Later in the day, missiles launched by Israeli aircraft killed two more Hamas men, the group said.

Israel frequently sends forces a short distance into Gaza, where they look for tunnels that might be used for infiltrations or attacks. Armored bulldozers are also used in border areas to flatten land used by militants to launch their short-range homemade rockets.

A spokesman for Fatah joined Ismail Haniyeh, the deposed Palestinian prime minister who now heads the Hamas regime in Gaza, in condemning the Israeli operation and urging Palestinians to fight back.

"We assert that our people have the full right to defend themselves and to confront these aggressions," Haniyeh said, and Fatah official Hazem Abu Shanab echoed his thoughts.

But the two rivals squabbled on another front Thursday, when about 400 Fatah civil servants were prevented from entering their Gaza offices in an argument over the official weekend.
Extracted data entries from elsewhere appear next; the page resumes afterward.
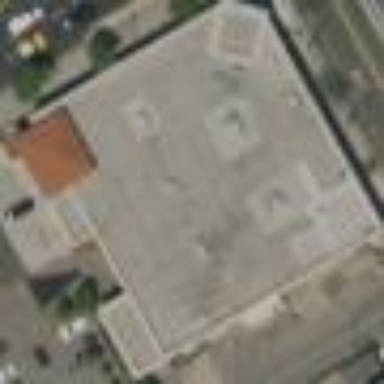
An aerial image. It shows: Building.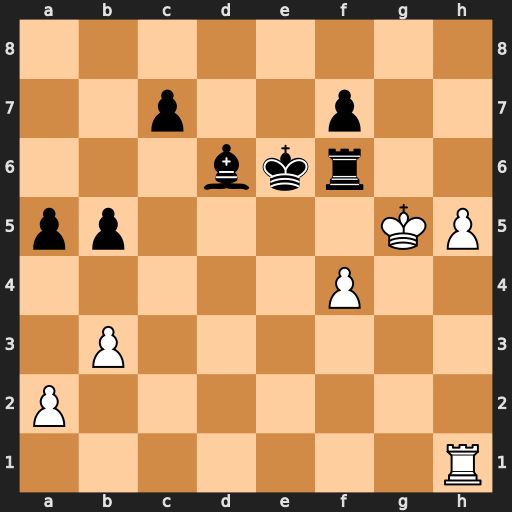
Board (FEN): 8/2p2p2/3bkr2/pp4KP/5P2/1P6/P7/7R
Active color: w
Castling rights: -
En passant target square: -
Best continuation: Re1+ Kd7 Kxf6

The Hamas-dictated work week in Gaza runs from Saturday to Wednesday, with Thursday and Friday assigned as the weekend. Salam Fayyad, the new Palestinian prime minister, recently announced the Palestinian work week would run from Sunday through Thursday.

Hamas forces on Thursday barred people from entering government offices, saying they were closed because it was the official weekend. Most Palestinian civil servants are loyal to Fatah.

On Wednesday, Gaza government employees loyal to Fatah collected their first full salaries in 15 months, but civil servants who sided with the bloody Hamas takeover of Gaza were not paid.